Today I had intended to write about politics or economics or, perhaps, a combination of the two! Instead, I got sidetracked.
The long weekend edition of the Australian Financial Review combined the normal Friday and weekend editions. I often buy the Friday edition just to read the Review section for its collection of longer pieces from around the world. This time, the Review reprinted a Slate article by Katy Waldman, The Mysteriously Memorable 20s. The subtitle gives the theme: "Why do we remember more from young adulthood than from any other time of our lives?" It's a well written piece, but it got me thinking. I don't think that she is quite right. At least, that's not been my experience. But then, the evidence may be drawn from what we think of as "normal people" as classified at points in time.
In saying this, I am drawing from my own experience, but also from the people that I have spoken to or even interviewed. My experience has been that people remember most vividly those periods of their life that have an emotional intensity both high or low that in some ways marks an important period of passage. Often, we do block out the bad. We don't forget about it, we just don't want to talk about it. But in many people's lives, the subsequent good is valued more highly because it contrasts with the dark night. We carry the scars always, we try to put those aside, talking about things highlighted by the black unseen light of the dark past.
As both a reader and writer, I am fascinated by biography. The thing that stands out to me, the fascination, is simply the complexity of it all. In many western societies, we have forgotten how unstable life is. What we think of as normality is not normal at all.
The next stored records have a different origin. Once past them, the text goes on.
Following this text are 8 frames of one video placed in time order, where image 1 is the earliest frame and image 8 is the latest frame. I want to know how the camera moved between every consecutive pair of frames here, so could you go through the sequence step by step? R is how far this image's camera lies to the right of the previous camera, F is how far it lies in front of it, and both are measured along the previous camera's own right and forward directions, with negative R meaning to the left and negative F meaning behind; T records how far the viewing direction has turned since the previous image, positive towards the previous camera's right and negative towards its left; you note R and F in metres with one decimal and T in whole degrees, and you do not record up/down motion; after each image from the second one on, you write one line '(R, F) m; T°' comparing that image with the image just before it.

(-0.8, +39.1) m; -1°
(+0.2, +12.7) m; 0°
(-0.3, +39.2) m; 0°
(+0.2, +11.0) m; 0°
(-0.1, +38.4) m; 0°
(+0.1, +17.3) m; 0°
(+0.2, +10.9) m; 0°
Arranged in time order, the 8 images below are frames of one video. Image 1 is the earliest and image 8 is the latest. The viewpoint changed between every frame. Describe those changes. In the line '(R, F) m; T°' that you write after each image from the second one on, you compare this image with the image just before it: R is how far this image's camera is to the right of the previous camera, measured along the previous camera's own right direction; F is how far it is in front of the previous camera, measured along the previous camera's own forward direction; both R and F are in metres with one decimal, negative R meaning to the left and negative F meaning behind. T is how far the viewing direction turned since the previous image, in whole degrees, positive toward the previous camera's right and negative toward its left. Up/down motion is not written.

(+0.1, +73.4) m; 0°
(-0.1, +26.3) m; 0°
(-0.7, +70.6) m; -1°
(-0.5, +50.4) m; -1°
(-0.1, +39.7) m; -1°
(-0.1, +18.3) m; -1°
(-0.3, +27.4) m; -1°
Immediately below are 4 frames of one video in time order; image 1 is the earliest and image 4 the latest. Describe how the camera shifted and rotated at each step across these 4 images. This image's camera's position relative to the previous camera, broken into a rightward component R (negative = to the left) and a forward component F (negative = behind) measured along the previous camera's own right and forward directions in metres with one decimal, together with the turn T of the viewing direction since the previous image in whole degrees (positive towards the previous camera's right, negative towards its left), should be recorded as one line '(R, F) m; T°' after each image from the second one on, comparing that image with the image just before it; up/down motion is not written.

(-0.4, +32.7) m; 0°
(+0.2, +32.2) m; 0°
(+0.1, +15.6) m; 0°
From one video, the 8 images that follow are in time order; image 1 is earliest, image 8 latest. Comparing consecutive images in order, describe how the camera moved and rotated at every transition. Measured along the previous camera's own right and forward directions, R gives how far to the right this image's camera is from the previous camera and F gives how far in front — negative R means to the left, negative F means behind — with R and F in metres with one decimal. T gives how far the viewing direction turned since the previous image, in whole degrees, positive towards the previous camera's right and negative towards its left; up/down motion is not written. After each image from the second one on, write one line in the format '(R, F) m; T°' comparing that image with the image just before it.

Just take Australia in the twentieth century. At Federation, many parts of the country had just emerged from a great depression. Drought was raging, affecting people in ways outside modern ken because so many were directly or independently dependent on the land. The Great War began thirteen years later, with Australia suffering some of the highest casualties relative to population of any of the belligerents. The Great Depression followed twenty eight years after Federation, then ten years later came the Second World War.
The new Australian migrants and especially the million plus displaced people, what we would now call refugees, who came to this country were focused on survival, on recreating life in a new land. In conversation or interview, they did talk about the past prior to the war, ut did so because that more peaceful time was a relief from what was to come. And, even then, it was not clear-cut. They didn't say that their values or scripts were formed in childhood or in their twenties, but in the meld of their earlier memories with the horrors that followed.
By contrast, those born locally during the war or afterwards were the lucky generation, the first to experience a really long period of relative piece and prosperity. The nearest previous equivalent was the long period between the depression of the late 1840s and that of the crash of the late eighties, also a period of relative peace.
So I'm not sure about the validity of Katy's writing or the research on which it is based. I think that it's validity is time dependent and depends upon circumstance.
As a final aside, the nearest equivalent period to me in terms of her model is not the age twenties at all, It is the time from which I entered what is now called grade ten until I graduated from university and started work in Canberra. I was then twenty one. That early working experience and the life of a young relatively well paid single in Canberra in a share house far from home was another right of passage. But it was different.
My own life has been a series of chapters marked by sudden book-ends, abrupt shifts. If I was to apply some of Katy's questions, I would say that the period with the greatest long term impact on my values and attitudes was my school period. My views have changed considerably over my life, but I think that the statement is still true. And I left school at seventeen after repeating final year because my parents thought that I was too young to go to university.
When I look at my daughters, I think that the same thing is probably true. I have no idea how they will remember their twenties, I will ask if I survive long enough, but at twenty three and twenty five, they are closer to Katy's generation. They also come from a very different generation to mine. And that, I think, should be my end point, for our views are formed by our times.